Gardner v. Gardner's

Sutliee, 0. J.

The plaintiffs do not question the legality of the execution and probate of the will; nor that its provisions express a clear intention on the part of the testator, Parker J. Gardner, to convey all his personal property not otherwise disposed of, to his widow, Elizabeth Gardner. But it is insisted by the plaintiffs, that the widow, in failing to comply with the provisions of sections 45 and 46 of the statute entitled an act relating to wills,” passed March 23, 1840, took nothing under the provisions of the will.

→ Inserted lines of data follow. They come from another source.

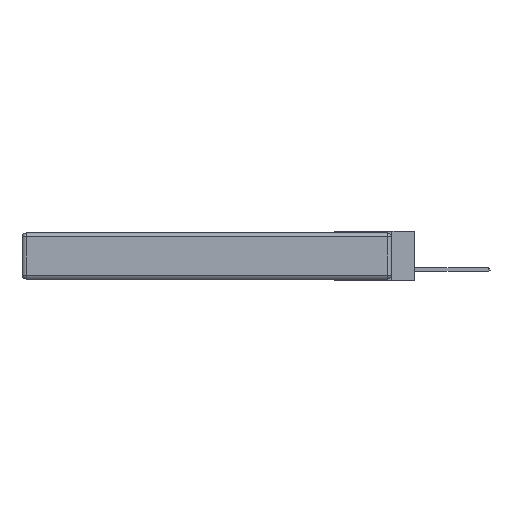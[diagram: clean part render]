
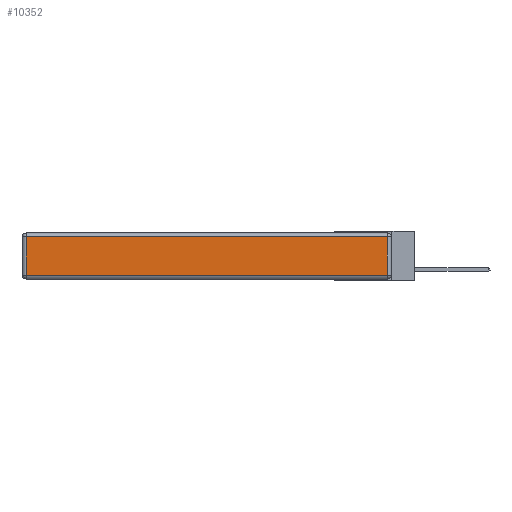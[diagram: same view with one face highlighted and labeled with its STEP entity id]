
A CAD part, left-side view. The second image highlights one B-rep face of the part: STEP entity #10352.
In plain terms, the highlighted planar face has unit normal (-1, 0, 0).
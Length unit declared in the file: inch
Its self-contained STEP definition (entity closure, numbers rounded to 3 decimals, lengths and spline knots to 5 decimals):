
#93 = ORIENTED_EDGE ( 'NONE', *, *, #21410, .T. ) ;
#1978 = DIRECTION ( 'NONE',  ( 0., -1., 0. ) ) ;
#2207 = DIRECTION ( 'NONE',  ( 0., 0., 1. ) ) ;
#2296 = DIRECTION ( 'NONE',  ( -1., 0., 0. ) ) ;
#2519 = CARTESIAN_POINT ( 'NONE',  ( 0., 0.03, -0.343 ) ) ;
#4351 = CARTESIAN_POINT ( 'NONE',  ( 0., 0., -0.313 ) ) ;
#6791 = ORIENTED_EDGE ( 'NONE', *, *, #19279, .T. ) ;
#7038 = CARTESIAN_POINT ( 'NONE',  ( 0., 0.03, -0.03 ) ) ;
#7962 = VERTEX_POINT ( 'NONE', #23359 ) ;
#7963 = LINE ( 'NONE', #12128, #19317 ) ;
#8187 = AXIS2_PLACEMENT_3D ( 'NONE', #24549, #2296, #2207 ) ;
#8523 = CARTESIAN_POINT ( 'NONE',  ( 0., 0.03, -0.313 ) ) ;
#9773 = VERTEX_POINT ( 'NONE', #8523 ) ;
#10352 = ADVANCED_FACE ( 'NONE', ( #29017 ), #11300, .T. ) ;
#11300 = PLANE ( 'NONE',  #8187 ) ;
#11355 = EDGE_LOOP ( 'NONE', ( #6791, #16205, #22889, #93 ) ) ;
#11482 = VECTOR ( 'NONE', #1978, 39.37008 ) ;
#12128 = CARTESIAN_POINT ( 'NONE',  ( 0., 2.75, -0.03 ) ) ;
#13283 = LINE ( 'NONE', #28887, #25304 ) ;
#14762 = LINE ( 'NONE', #2519, #20798 ) ;
#16205 = ORIENTED_EDGE ( 'NONE', *, *, #25677, .T. ) ;
#17501 = LINE ( 'NONE', #4351, #11482 ) ;
#19279 = EDGE_CURVE ( 'NONE', #7962, #9773, #17501, .T. ) ;
#19317 = VECTOR ( 'NONE', #21009, 39.37008 ) ;
#20680 = CARTESIAN_POINT ( 'NONE',  ( 0., 2.72, -0.03 ) ) ;
#20798 = VECTOR ( 'NONE', #22512, 39.37008 ) ;
#21009 = DIRECTION ( 'NONE',  ( 0., 1., 0. ) ) ;
#21410 = EDGE_CURVE ( 'NONE', #22766, #7962, #13283, .T. ) ;
#22512 = DIRECTION ( 'NONE',  ( 0., 0., 1. ) ) ;
#22766 = VERTEX_POINT ( 'NONE', #20680 ) ;
#22889 = ORIENTED_EDGE ( 'NONE', *, *, #26792, .T. ) ;
#23359 = CARTESIAN_POINT ( 'NONE',  ( 0., 2.72, -0.313 ) ) ;
#24549 = CARTESIAN_POINT ( 'NONE',  ( 0., 0., -0.343 ) ) ;
#25304 = VECTOR ( 'NONE', #29188, 39.37008 ) ;
#25677 = EDGE_CURVE ( 'NONE', #9773, #26212, #14762, .T. ) ;
#26212 = VERTEX_POINT ( 'NONE', #7038 ) ;
#26792 = EDGE_CURVE ( 'NONE', #26212, #22766, #7963, .T. ) ;
#28887 = CARTESIAN_POINT ( 'NONE',  ( 0., 2.72, -0.343 ) ) ;
#29017 = FACE_OUTER_BOUND ( 'NONE', #11355, .T. ) ;
#29188 = DIRECTION ( 'NONE',  ( 0., 0., -1. ) ) ;

The following are the sections referred to:

Sec. 45. “ If any provision be made for the widow in the will of her husband, she shall, within six months after probate of the will, make her election, whether she will take such provision, or be endowed of his lands; but she shall not be entitled to both, unless it plainly appears by the will to have been the intention of the testator, that she should have such provision in addition to her dower.”
Sec. 46. “ The election of the widow to take under the will, shall be made known to the court of common pleas for the proper county, which shall be entered upon the minutes of the court, and if the widow fail to make such election, she shall retain her dower, and such share of the personal estate of her husband as she would be entitled to by law, in case her husband had died intestate; if she elect to take under the will, she shall be barred of her dower, and take under the will alone.”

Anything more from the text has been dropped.